_PROBLEM TO WORK ON_:
When a line in the records includes the string "surface", it goes into the tally; report that tally alone.

_RECORDS SUPPLIED_:
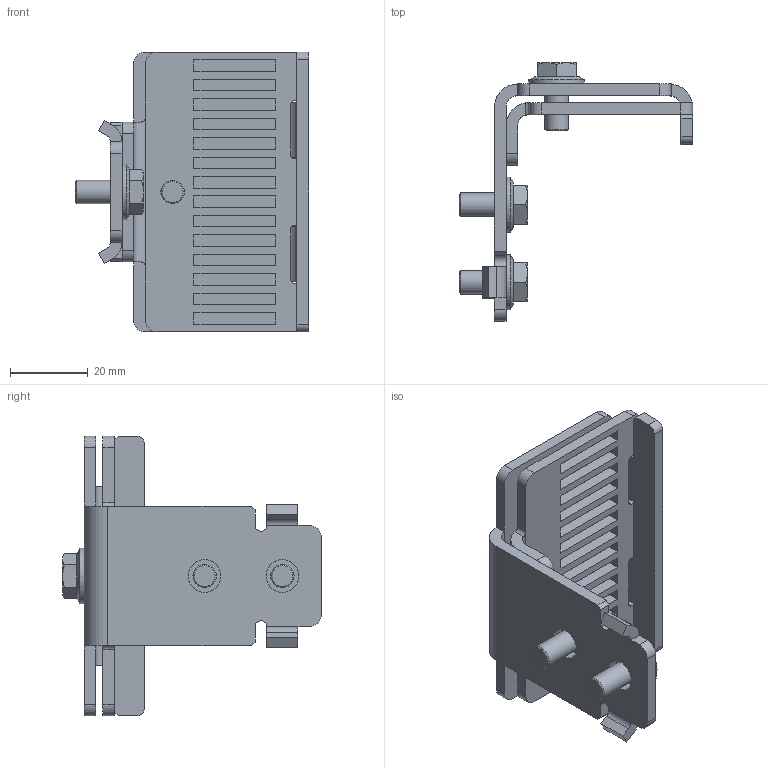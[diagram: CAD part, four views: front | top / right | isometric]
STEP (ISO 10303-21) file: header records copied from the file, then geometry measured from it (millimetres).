
FILE_DESCRIPTION(/* description */ (''),/* implementation_level */ '2;1');
FILE_NAME(/* name */ '6FB1104-0AT05-0AS1_3d.stp',/* time_stamp */ '2017-11-28T11:29:47+01:00',/* author */ ('Naepfel'),/* organization */ ('Siemens AG'),/* preprocessor_version */ 'ST-DEVELOPER v16',/* originating_system */ 'SIEMENS PLM Software NX 10.0',/* authorisation */ '');
FILE_SCHEMA (('AUTOMOTIVE_DESIGN { 1 0 10303 214 3 1 1 1 }'));
Length unit declared in the file: millimetre
Products named in the file (2): A5E43592938A_001; A5E43592926A_001
Assembly tree (1 placements, depth 2):
  A5E43592926A_001
    A5E43592938A_001
Bounding box: 60 x 66.5 x 72 mm (x, y, z)
Volume: 27368.6 mm3; surface area: 23150.6 mm2
Topology: 5 solids, 5 shells, 238 faces, 607 edges, 380 vertices
Faces by surface type: plane 167, cylinder 47, cone 24
Full cylindrical faces by diameter (mm): 5 x1, 6 x3, 8.4 x2, 14.2 x3
Entity records: 7685 total; most frequent: CARTESIAN_POINT 1355, ORIENTED_EDGE 1182, DIRECTION 1162, EDGE_CURVE 591, LINE 414, VECTOR 414, VERTEX_POINT 379, AXIS2_PLACEMENT_3D 374

_OUTPUT OF THE EXERCISE_:
2